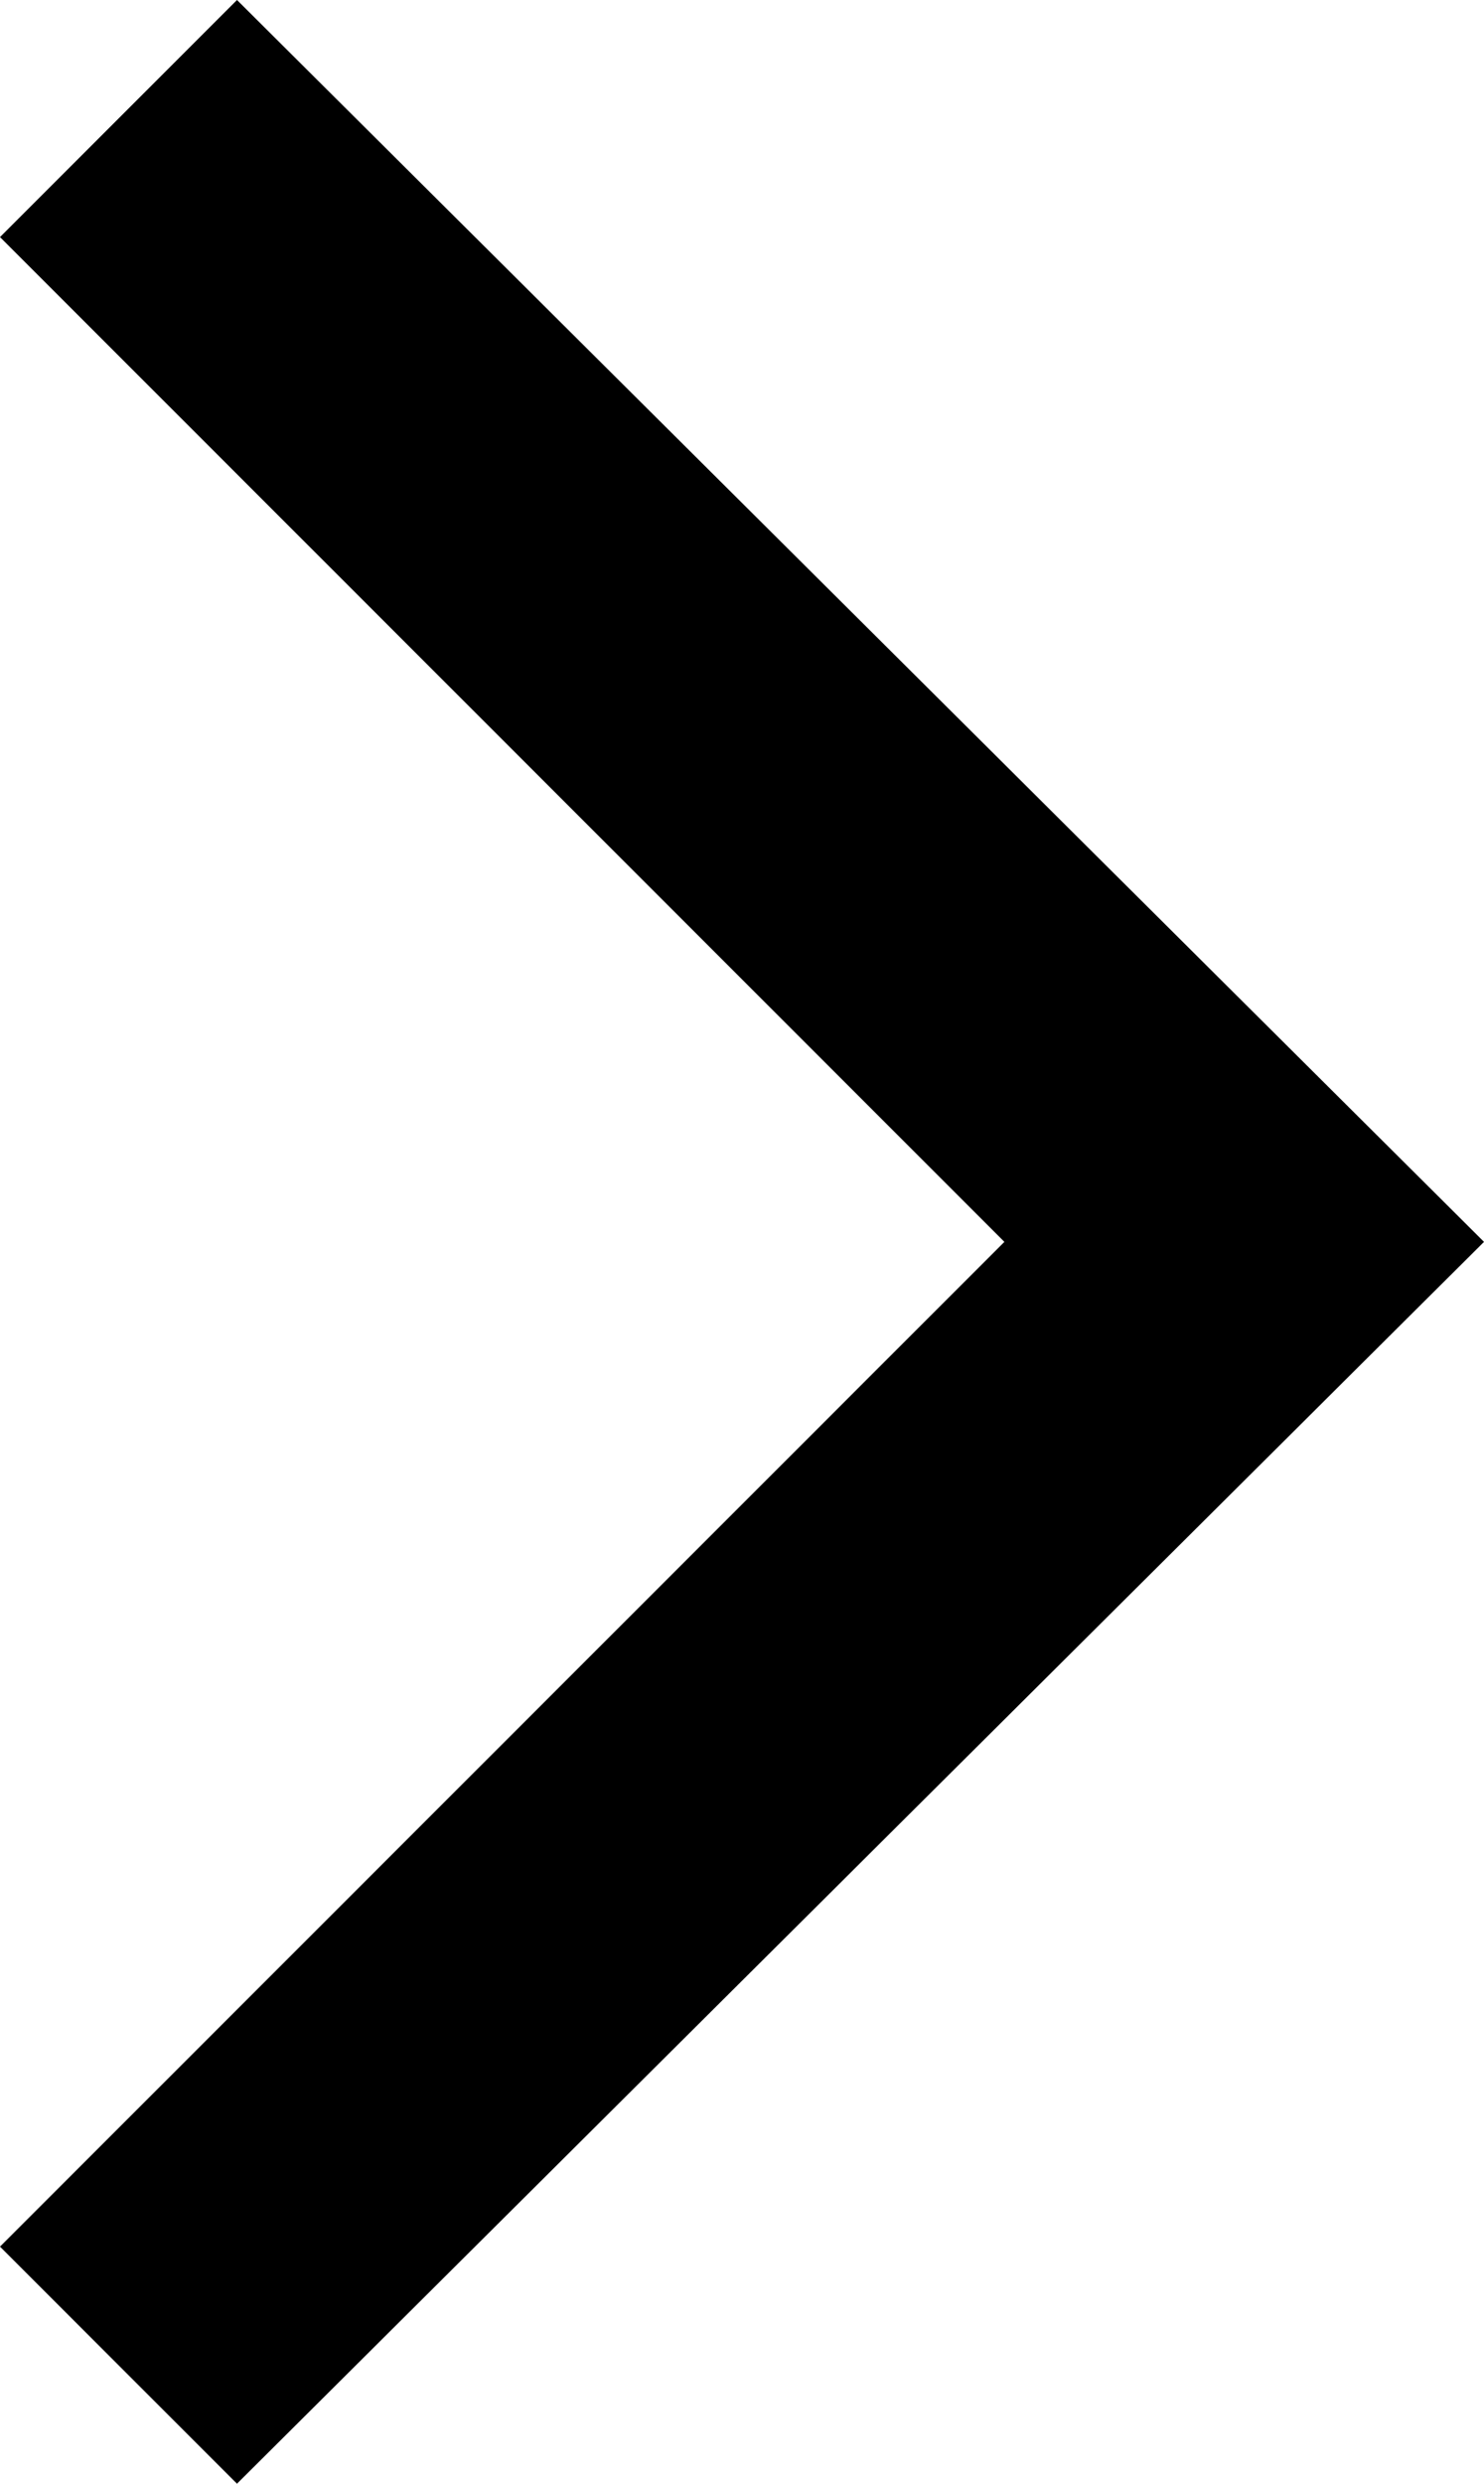 <?xml version="1.0" encoding="utf-8"?>
<!-- Generator: Adobe Illustrator 21.0.0, SVG Export Plug-In . SVG Version: 6.00 Build 0)  -->
<svg version="1.1" id="Layer_1" xmlns="http://www.w3.org/2000/svg" xmlns:xlink="http://www.w3.org/1999/xlink" x="0px" y="0px"
	 viewBox="0 0 26.3 44" style="enable-background:new 0 0 26.3 44;" xml:space="preserve">
<g>
	<polygon points="4.2,0 26.3,22 4.2,44 0,39.8 17.8,22 0,4.2 	"/>
</g>
</svg>
☆ ☆ ☆
Your task is to copy exactly, and only, the lines from the line with "<!-- Generator: Adobe" through the last line of the entries, both included.

## SOLUTION FOR THIS TASK
<!-- Generator: Adobe Illustrator 21.0.0, SVG Export Plug-In . SVG Version: 6.00 Build 0)  -->
<svg version="1.1" id="Layer_1" xmlns="http://www.w3.org/2000/svg" xmlns:xlink="http://www.w3.org/1999/xlink" x="0px" y="0px"
	 viewBox="0 0 26.3 44" style="enable-background:new 0 0 26.3 44;" xml:space="preserve">
<g>
	<polygon points="4.2,0 26.3,22 4.2,44 0,39.8 17.8,22 0,4.2 	"/>
</g>
</svg>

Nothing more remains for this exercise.